В тот вечер никто из нас не произнес больше ни слова. Мой отец рано ушел в свою комнату, что было не в его привычках. Однако он никогда не приглашал меня засиживаться с ним допоздна в библиотеке. У меня имелся свой маленький кабинет или курительная комната, где хранились все мои сокровища, — сувениры, приобретенные во время моих путешествий и любимые книги, — и где я всегда уединялся после вечерней молитвы, словно следуя заведенному для себя некогда правилу. Тем вечером я, как обычно, удалился к себе в комнату и, как обычно, читал, но невнимательно и часто отвлекаясь, чтобы подумать. Когда было уже совсем поздно, я вышел через стеклянную дверь на лужайку и обошел дом, намереваясь заглянуть в окна гостиной, как делал это в детстве. Но я забыл, что все окна были закрыты ставнями на ночь, и ничто, кроме слабого света, пробивавшегося через щели, не свидетельствовало о том, что здесь поселился новый обитатель.
Утром мой отец снова был самим собой. Он без всяких эмоций рассказал мне о том, каким образом получил эту картину. Она принадлежала семье моей матери и, в конце концов, оказалась у ее кузена, жившего за границей, — «Человека, который мне не нравился и которому не нравился я, — сказал мой отец. — Он отказал мне во всех моих просьбах сделать копию. Можешь представить себе, Фил, как я этого хотел. Если бы мне это удалось, ты, по крайней мере, был бы знаком с внешностью твоей матери и не испытал бы такого потрясения. Но он не соглашался. Я полагаю, ему доставляло определенное удовольствие думать, что только у него есть ее портрет. Но сейчас он умер, и терзаемый угрызениями совести, — или же по иной какой-то причине, — завещал его мне».

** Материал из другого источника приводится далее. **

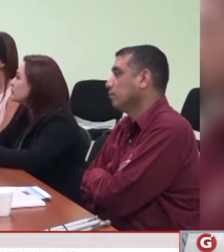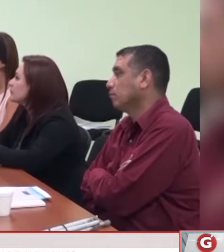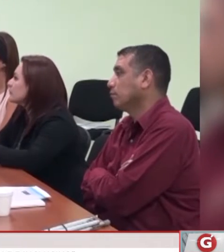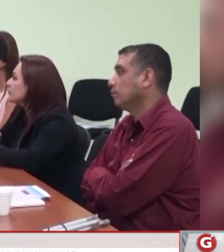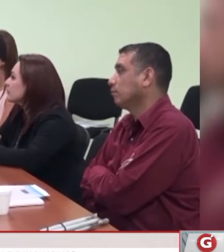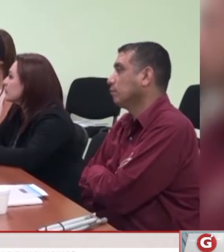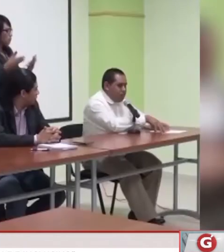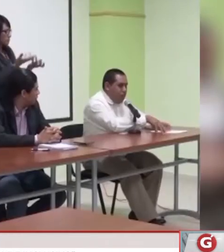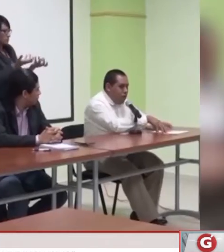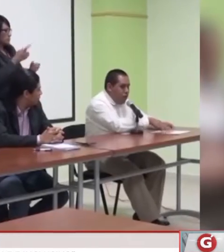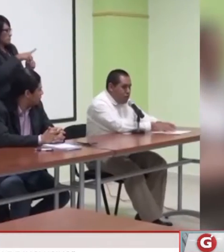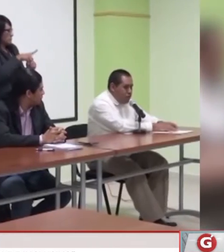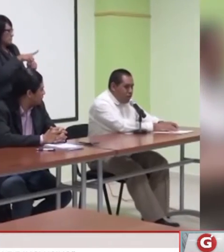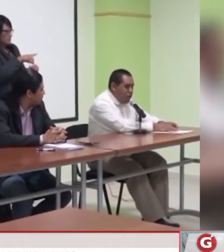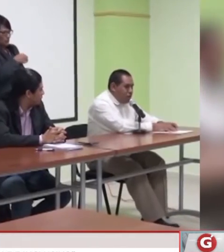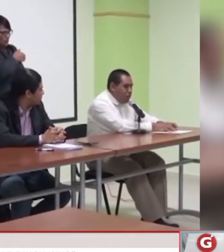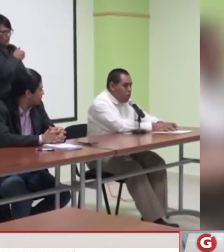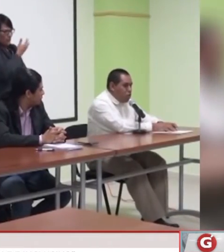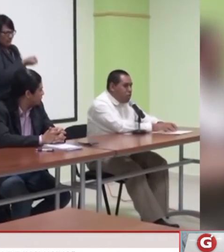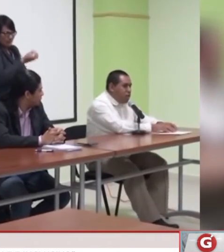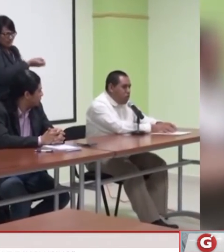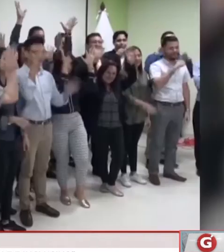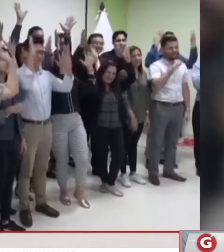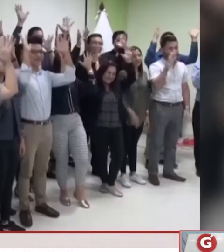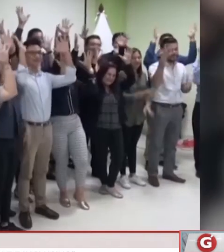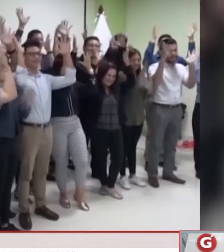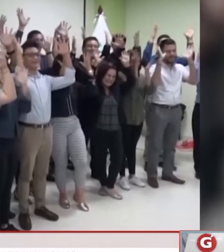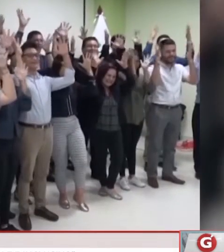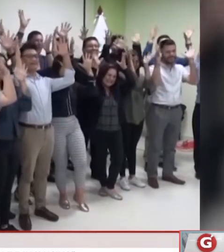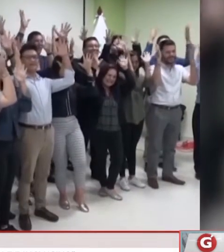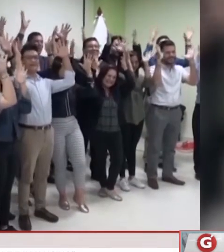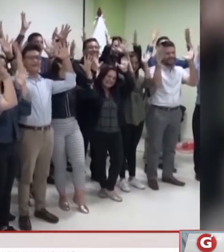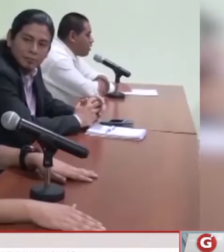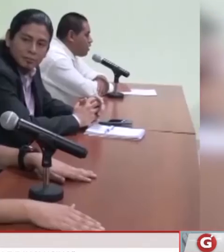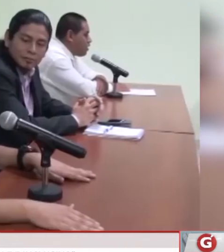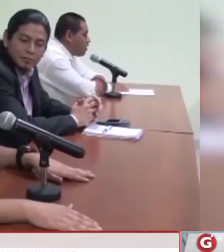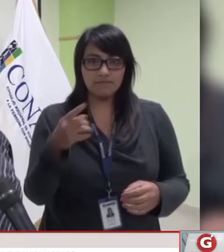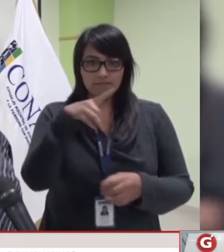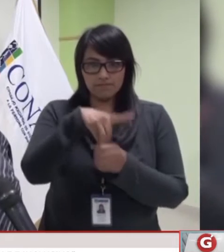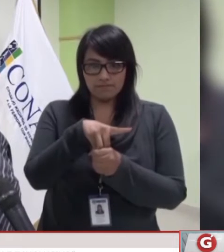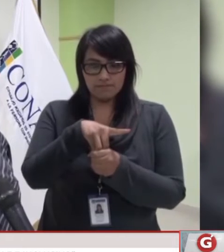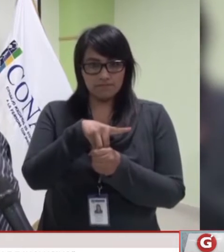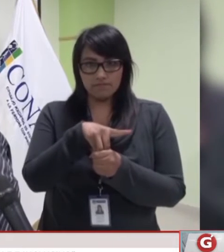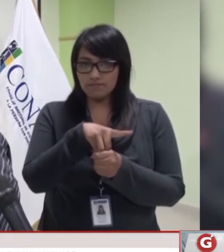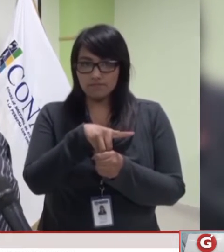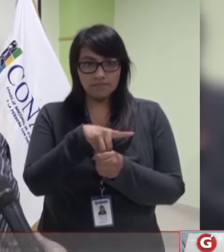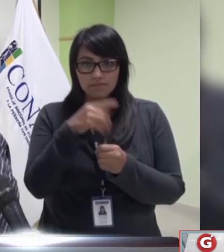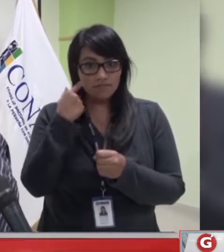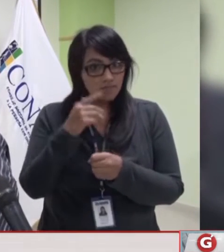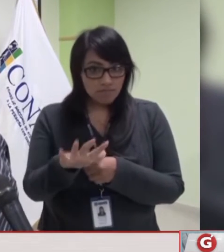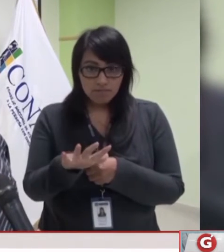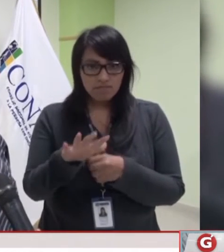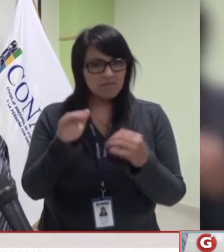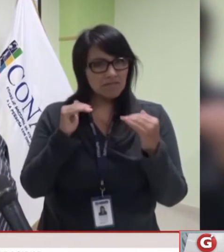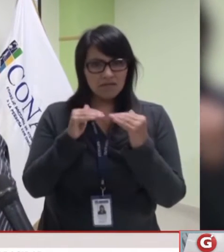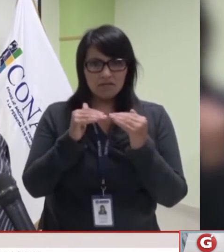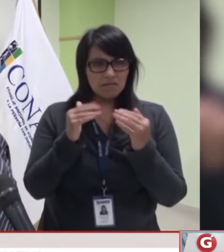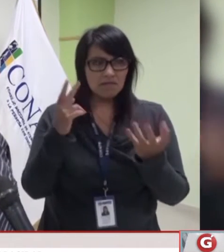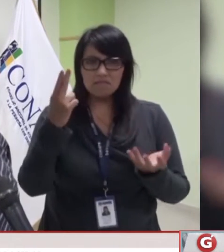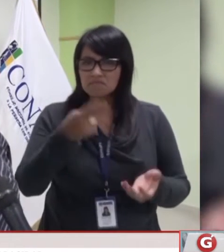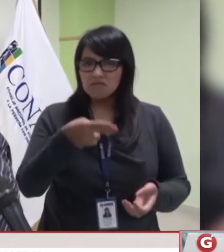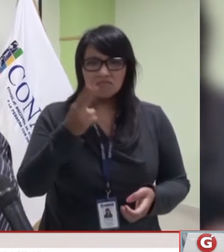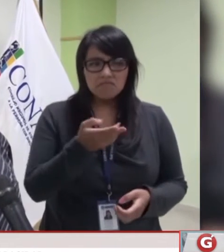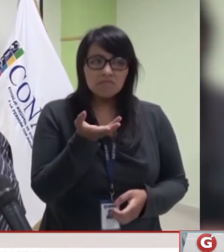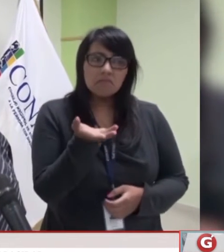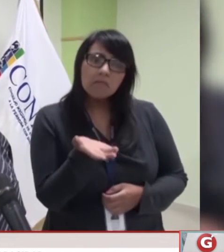al referirse a personas con discapacidad y su entorno social. Ya no se puede seguir viendo con aquel enfoque

— Это был добрый поступок, — сказал я.
— Да, или за этим скрывается что-то еще. Он мог подумать, что таким образом связывает меня каким-то обязательством, — сказал мой отец, но, казалось, никак не собирался пояснить свои слова. Я не знал, каким обязательством должен был бы быть связан мой отец, ни кто был тот человек, который возложил его на нас, лежа на смертном одре. По крайней мере, я испытывал чувство долга по отношению к нему, хотя, поскольку он был мертв, не мог понять, каким образом могу с ним расплатиться. Мой отец больше ничего не сказал; казалось, ему не нравилась эта тема. Когда я попытался вернуться к ней, он обратился к своим письмам и газетам. Очевидно, по его мнению, уже сказанного было вполне достаточно.
Тогда я пошел в гостиную, чтобы еще раз взглянуть на портрет. Мне показалось, что тревога в глазах девушки была не столь очевидна, как мне почудилось накануне вечером. Возможно, освещение было более благоприятным. Ее портрет располагался над тем местом, где, — я в этом не сомневался, — она сидела при жизни, где стояла ее маленькая рабочая корзинка, — рама почти касалась ее. Девушка на портрете была изображена в полный рост, а мы повесили его низко, так что, если бы она могла войти в комнату, то оказалась бы лицом к лицу со мной. Я снова улыбнулся странной мысли, что это юное создание — почти ребенок — может быть моей матерью, и мои глаза снова увлажнились. Человек, вернувший ее нам, действительно был нашим благодетелем. Я сказал себе, что если смогу когда-нибудь сделать что-нибудь для него или для кого-то из его близких, то непременно сделаю это ради себя… ради этого прелестного юного существа. И когда я стоял здесь, глядя на портрет и размышляя подобным образом, — вынужден признаться, что все остальное, так занимавшее меня накануне вечером, совершенно вылетело у меня из головы.
Однако такие вещи редко забываются. Когда я вышел днем на свою обычную прогулку, — точнее, когда возвращался с этой прогулки, — я снова увидел перед собой женщину с ребенком, рассказ которой накануне вечером поверг меня в смятение. Она, как и прежде, ждала у ворот и спросила: «Ах, молодой господин, нет ли у вас для меня каких-нибудь новостей?»
— Видите ли… я… был очень занят. У меня просто не было времени что-то сделать для вас.
— Ах! — произнесла она с легким разочарованием. — Мой муж сказал, чтобы я не слишком обнадеживалась, потому что поступки благородных людей трудно понять.
— Я не могу объяснить вам, — сказал я как можно мягче, — что заставило меня забыть о вашем деле. Но это было событие, которое, в конечном итоге, может принести вам только пользу. А теперь ступайте домой, найдите человека, который забрал все ваши вещи, и скажите ему, чтобы он пришел ко мне. Обещаю вам, что все будет улажено.